No changes in overall antioxidants status of the 38 participants were observed, according to findings published in Mutation Research/Fundamental and Molecular Mechanisms of Mutagenesis.

“It is conceivable that indirect effects such as reduced uptake of glucose via the gastrointestinal tract, which was seen with specific types of coffee and with chlorogenic acids may play a role as it is known that alterations of the energy metabolism may lead to reduced reactive oxygen species formation in the mitochondria,” wrote the researchers.

The study was funded by the Institute of Scientific Information on Coffee (ISIC) – a scientific consortium of European coffee companies.

Health benefits

A recent review by Mario Ferruzzi from Purdue University noted that coffee is one of the richest sources of polyphenols in the Western diet, with one cup of the stuff providing 350 milligrams of phenolics.
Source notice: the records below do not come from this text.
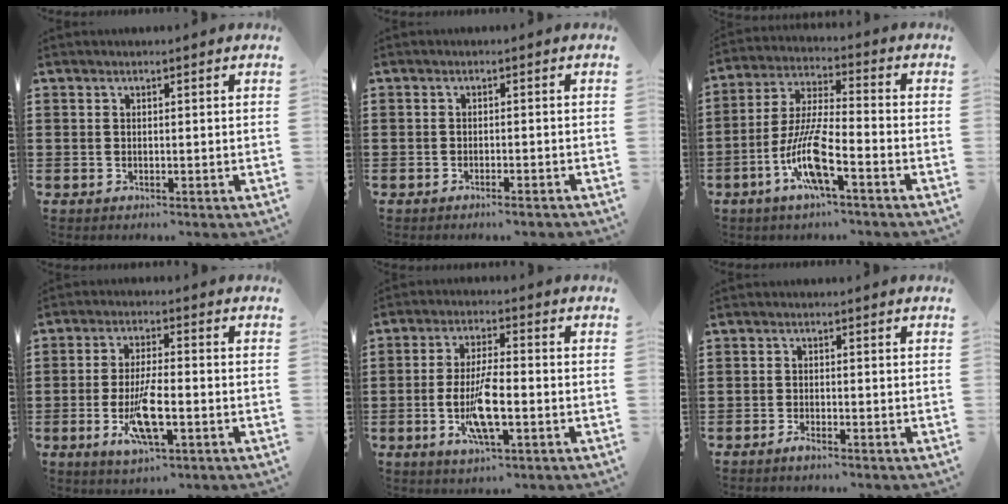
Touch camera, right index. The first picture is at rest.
{"total": 1.2, "force": [-1.0, -0.2, 0.6], "torque": [-0.013, -0.004, -0.018]}
{"total": 10.3, "force": [-4.9, 1.9, 8.8], "torque": [-0.197, -0.010, -0.098]}
{"total": 7.6, "force": [-2.5, 2.1, 6.9], "torque": [-0.138, -0.010, -0.045]}
{"total": 8.2, "force": [-2.3, 2.3, 7.5], "torque": [-0.158, -0.009, -0.046]}
{"total": 1.3, "force": [-1.1, 0.0, 0.6], "torque": [-0.021, -0.009, -0.022]}
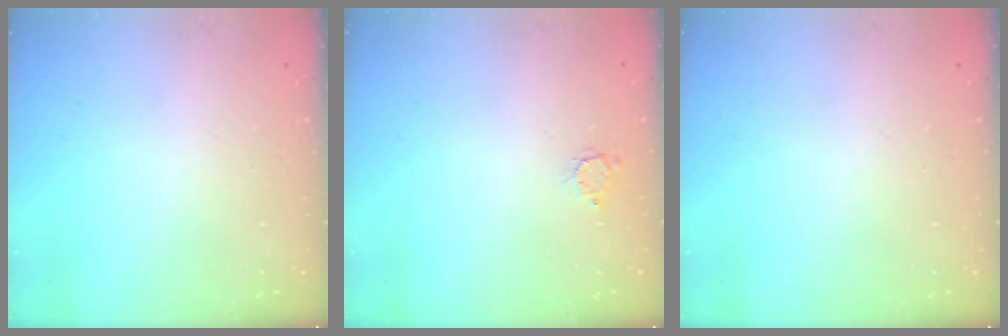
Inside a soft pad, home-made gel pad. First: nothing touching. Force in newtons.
{"total": 2.6, "press": 2.6, "slide": 0.2}
{"total": 0.0}
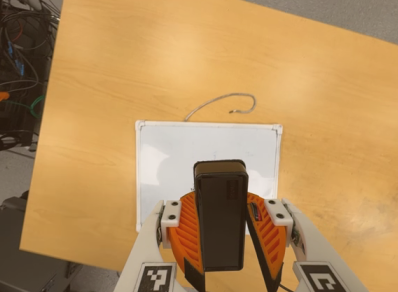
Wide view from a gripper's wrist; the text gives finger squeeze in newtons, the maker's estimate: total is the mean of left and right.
{"total": 8.0, "left": 8.2, "right": 7.8}
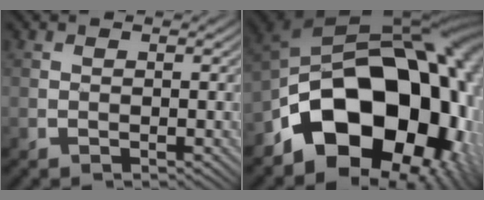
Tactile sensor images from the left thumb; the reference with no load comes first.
{"total": 20.2, "force": [-6.2, 13.2, 14.0], "torque": [-0.233, -0.028, -0.087]}
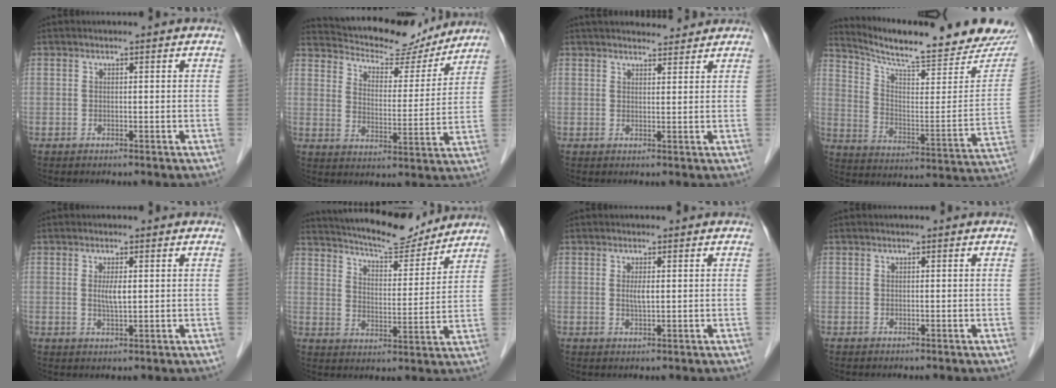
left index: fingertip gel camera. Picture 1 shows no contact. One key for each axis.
{"total": 17.1, "fx": 15.6, "fy": 4.8, "fz": 4.9, "tx": -0.073, "ty": -0.001, "tz": 0.218}
{"total": 7.2, "fx": 6.8, "fy": 1.6, "fz": 2.0, "tx": -0.022, "ty": 0.014, "tz": 0.088}
{"total": 22.2, "fx": 20.6, "fy": 1.7, "fz": 8.0, "tx": -0.126, "ty": -0.082, "tz": 0.280}
{"total": 2.3, "fx": 0.2, "fy": 0.4, "fz": 2.3, "tx": -0.047, "ty": -0.007, "tz": 0.004}
{"total": 13.9, "fx": 12.9, "fy": 2.5, "fz": 4.5, "tx": -0.074, "ty": -0.003, "tz": 0.191}
{"total": 1.6, "fx": 0.1, "fy": 0.3, "fz": 1.6, "tx": -0.034, "ty": -0.006, "tz": 0.002}
{"total": 0.0}
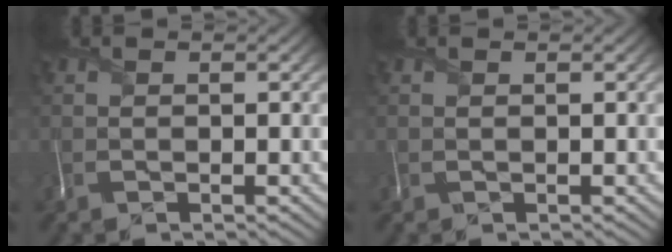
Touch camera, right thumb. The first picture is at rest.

Of these, the most abundant compounds coffee are chlorogenic acids, making up to 12 per cent of the green coffee bean. The most abundant of these compounds is caffeic acid (Physiology & Behavior, 2010, Vol. 100, pp. 33-41).

“A better understanding of how the beverage composition impacts phenolic profiles and their bioavailability is critical to development of beverage products designed to deliver specific health benefits,” he added.

The beverage, and its constituent ingredients, has come under increasing study with research linking it to reduced risk of diabetes, and improved liver health.

Coffee, one of the world's largest traded commodities produced in more than 60 countries and generating more than $70bn in retail sales a year, continues to spawn research and interest, and has been linked to reduced risks of certain diseases, especially of the liver and diabetes.